LA GESTIONE DEI MIGRANTI SEGUENDO SAN FRANCESCO

LA GESTIONE DEI MIGRANTI SEGUENDO SAN FRANCESCO

Gestire e governare in modo efficace e lungimirante il fenomeno migratorio non significa
limitarsi ad irrealistiche azioni di deterrenza

Dino Perboni (Segretario Cisl Asse del Po) e Kaur Kirandeep (Co-Presidente Anolf Asse del Po)

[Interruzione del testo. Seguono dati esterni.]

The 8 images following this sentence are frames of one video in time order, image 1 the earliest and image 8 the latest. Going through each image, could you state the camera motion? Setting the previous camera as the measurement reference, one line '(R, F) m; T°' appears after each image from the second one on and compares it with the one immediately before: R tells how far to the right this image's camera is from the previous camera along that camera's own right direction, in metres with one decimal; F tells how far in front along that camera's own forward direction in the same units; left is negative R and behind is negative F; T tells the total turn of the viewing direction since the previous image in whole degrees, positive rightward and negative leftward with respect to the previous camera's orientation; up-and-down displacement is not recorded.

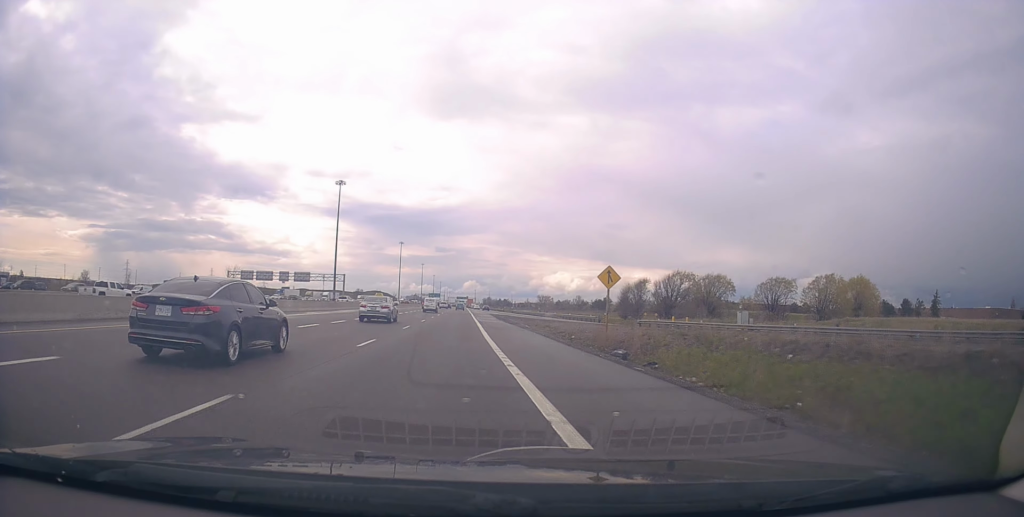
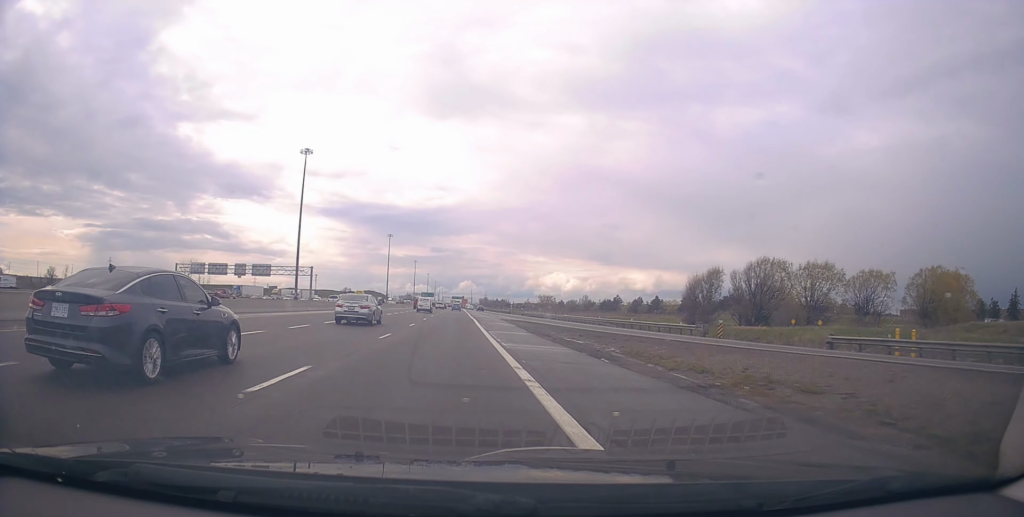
(+0.5, +30.7) m; +1°
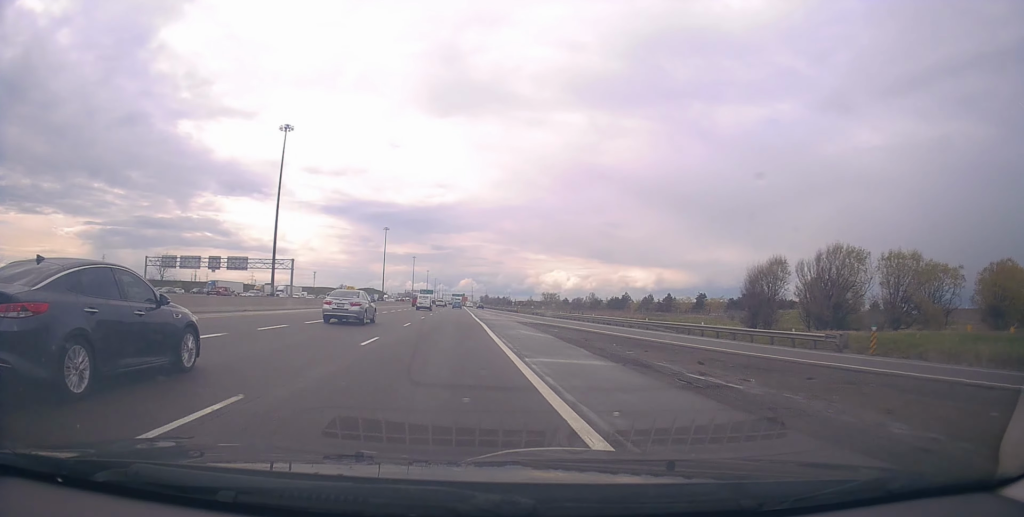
(+0.1, +15.5) m; 0°
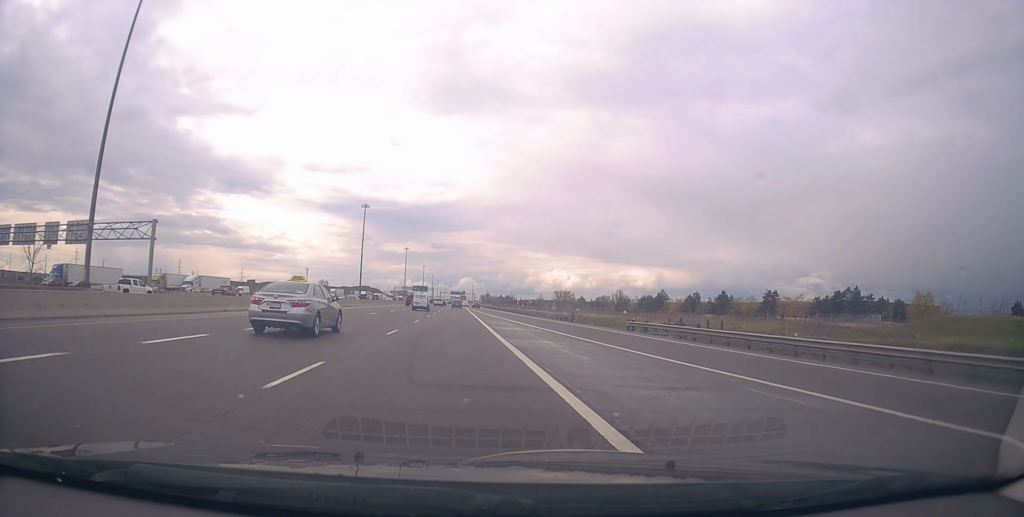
(-1.0, +53.2) m; 0°
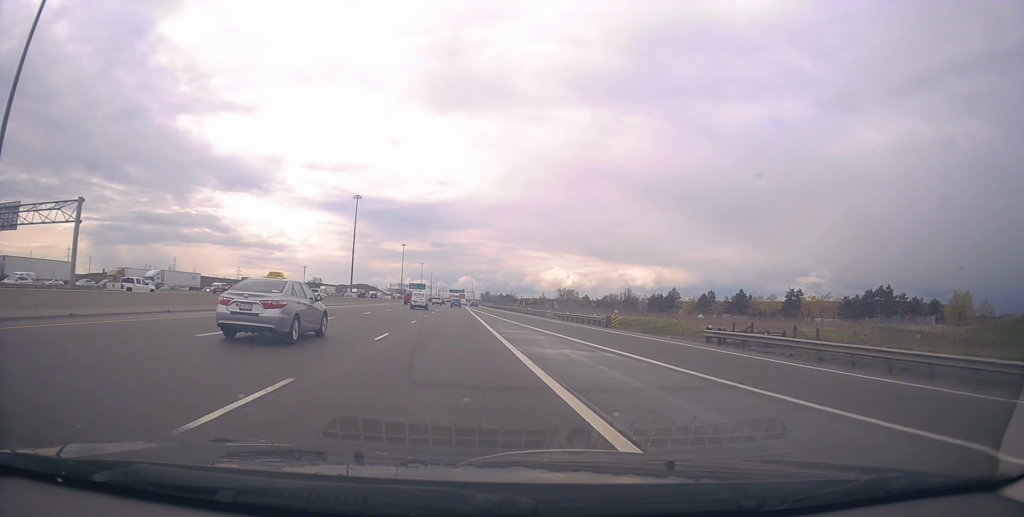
(+0.3, +13.9) m; +1°
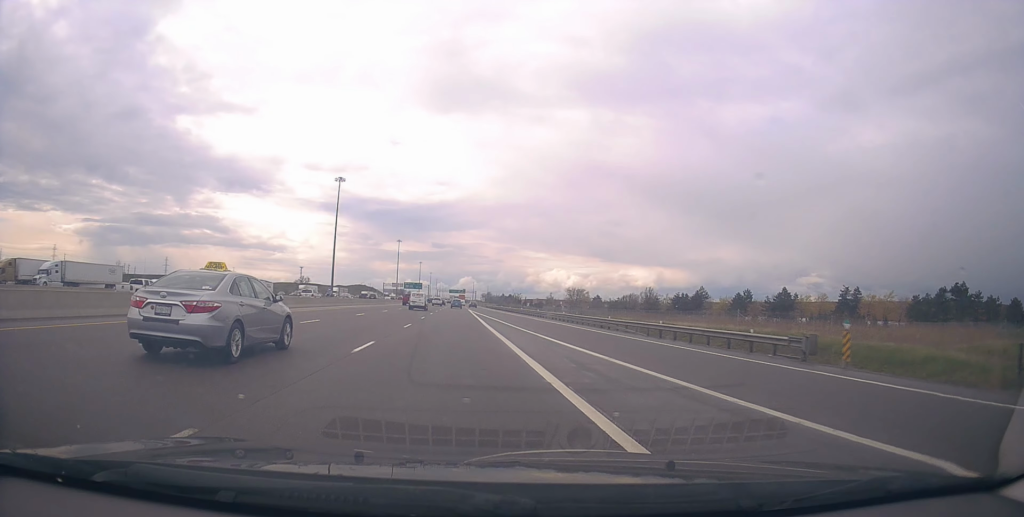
(+0.3, +27.1) m; 0°
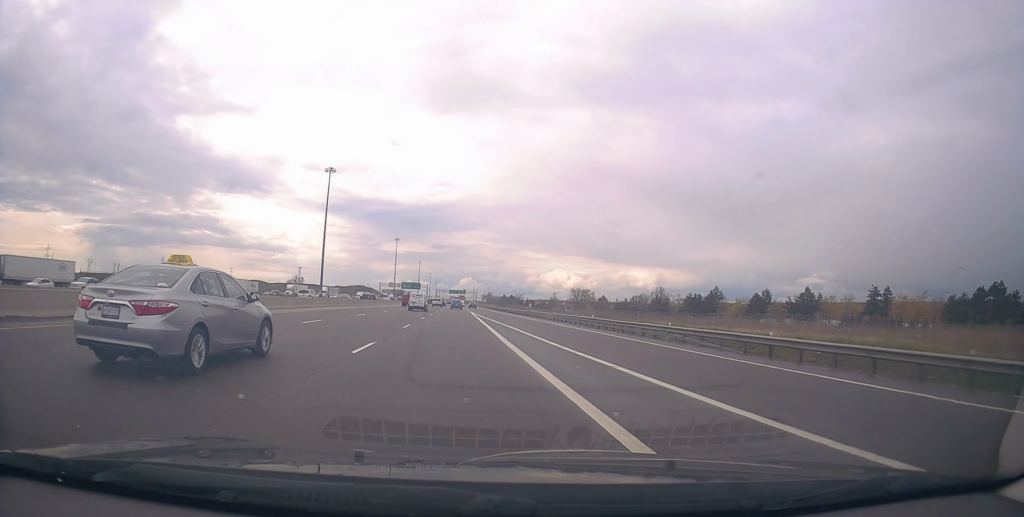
(0.0, +11.4) m; 0°
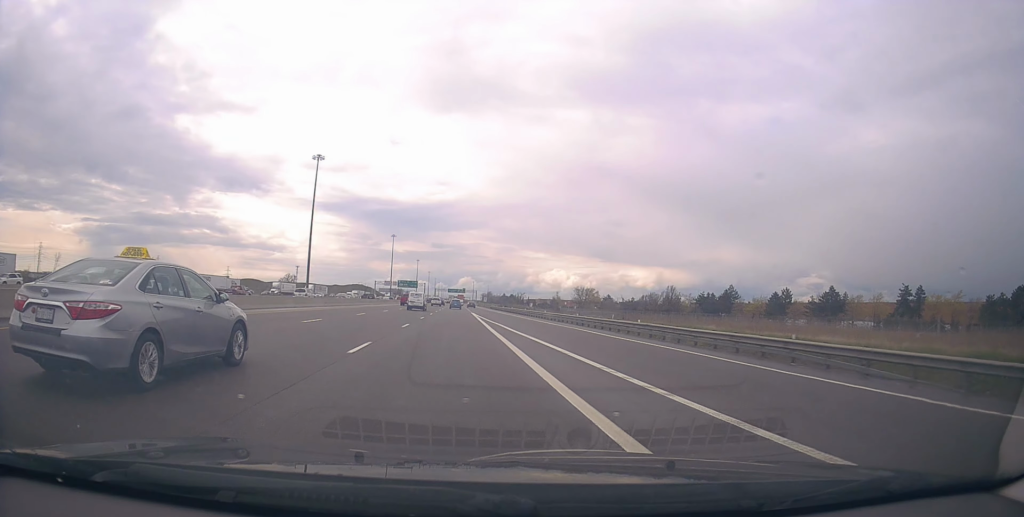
(0.0, +11.7) m; -1°
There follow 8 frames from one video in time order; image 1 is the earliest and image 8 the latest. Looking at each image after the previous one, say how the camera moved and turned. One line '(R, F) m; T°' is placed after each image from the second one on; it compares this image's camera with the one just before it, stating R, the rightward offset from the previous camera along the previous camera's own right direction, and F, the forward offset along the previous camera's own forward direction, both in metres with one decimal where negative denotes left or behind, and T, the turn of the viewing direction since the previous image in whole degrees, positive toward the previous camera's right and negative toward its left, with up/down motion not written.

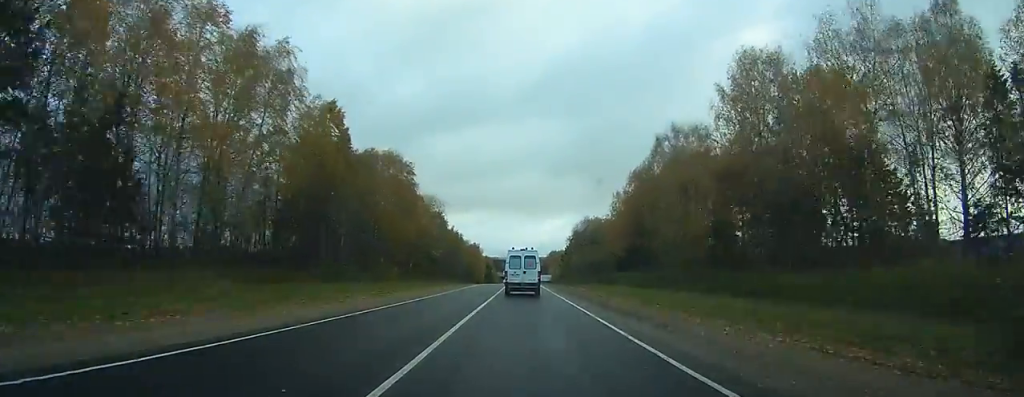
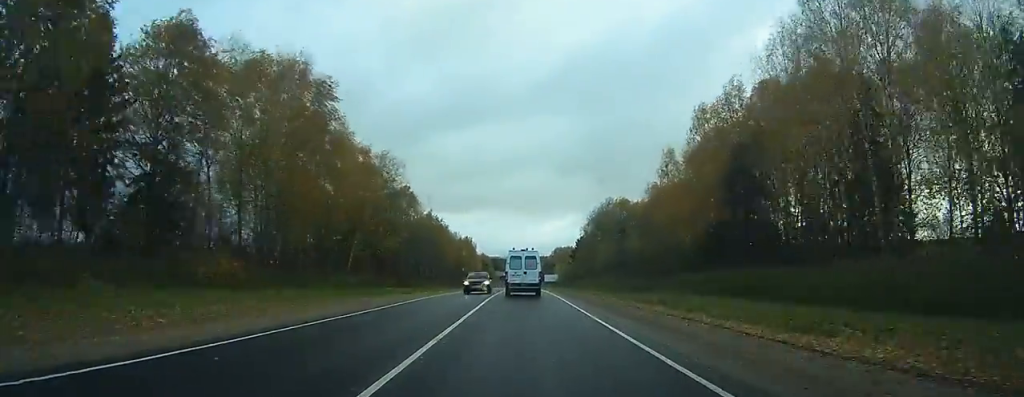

Gestire e governare in modo efficace e lungimirante il fenomeno migratorio non significa limitarsi
ad irrealistiche azioni di deterrenza. Occorrono, invece, norme che gestiscano i flussi d’ingresso e la
permanenza regolare dei cittadini stranieri, contrastando così il lavoro nero e lo sfruttamento. E’
urgente aprire corridoi umanitari e aumentare i reinsediamenti, per consentire alle persone che
fuggono da guerre, persecuzioni, fame e povertà di entrare in Italia e in Europa senza mettere in
pericolo la loro vita. Le risposte emergenziali, così come emergenziale è tutta la visione sulle
questioni migratorie, hanno costruito, negli ultimi 20 anni, una normativa frammentata di leggi e
decreti che non hanno dato la risposta necessaria ad affrontare in modo adeguato la questione posta
dai richiedenti asilo e la possibilità di costruire un percorso di accompagnamento verso l’integrazione.
Senza un piano organico, ci ritroviamo con soluzioni drammatiche alternate a soluzioni virtuose,
storie di integrazione e storie di disintegrazione; come sappiamo e come sempre diciamo le risposte
emergenziali danno risultati poco trasparenti e spesso inefficaci. Non ci possiamo indignare, ogni
volta che ci sono morti nel Mediterraneo e poi non attivare uno sforzo affinché si possano costruire
condizioni e azioni per realizzare quell’inclusione, che veda l’immigrazione come risorsa e non come
problema. La legge sulla cittadinanza ha una storia e percorsi travagliati; è stata, ed è, subordinata
alle convenienze politiche, alle incapacità di visione, a sguardi senza prospettiva. La cittadinanza che
una persona si ritrova ad avere è un costrutto dell’uomo; è frutto di un mondo organizzato in stati che
non potrebbe esistere senza le frontiere. Noi guardiamo “oltre le frontiere” e non possiamo dare per
acquisita questa realtà di separazioni come se fosse determinata in via soprannaturale; dobbiamo
sapere e ricordarci che la suddivisione del mondo, e il tracciato di limiti e frontiere è frutto della
volontà umana. E questa volontà umana di dividere la terra con linee immaginarie, determina, che
nascendo al di là o al di qua di una frontiera, la vita sarà differente, potrà avere opportunità e agiatezza
oppure predestinazione e stenti. E la cultura del mondo oggi ritiene tanto deterministica questa
causalità da non essere più in grado di capire quando sia insostenibile ed indifendibile eticamente il
separare ricchi e poveri, vittime e superstiti, oppressi e liberi, fortunati e svantaggiati. Le politiche
migratorie nel nostro continente pongono a noi un problema profondo e complesso; se qualcuno ha
costruito un mondo in cui la possibilità di vivere dipende dalla nazione in cui nasce, noi dobbiamo
scegliere cosa fare e come agire. E lo dobbiamo fare ricordandoci che noi siamo liberi se creiamo e
non se copiamo, se pensiamo e non se obbediamo. Dobbiamo quindi recuperare una visione del
mondo e della società riappropriarsi dei nostri valori fondativi della libertà, dell’eguaglianza e della
fraternità, ed essere fermi e coraggiosi nell’agire per la costruzione di una società aperta. I poveri, gli
esclusi, i fuggiaschi non hanno bisogno di carità, per quanto possa essere amorevole, hanno bisogno
di giustizia e di fraternità, e questo è un atto di eguaglianza e di consapevolezza, ed anche di libertà.
Come ci ha insegnato San Francesco: “Cominciate col fare ciò che è necessario, poi ciò che è
possibile. E all’improvviso vi sorprenderete a fare l’impossibile”.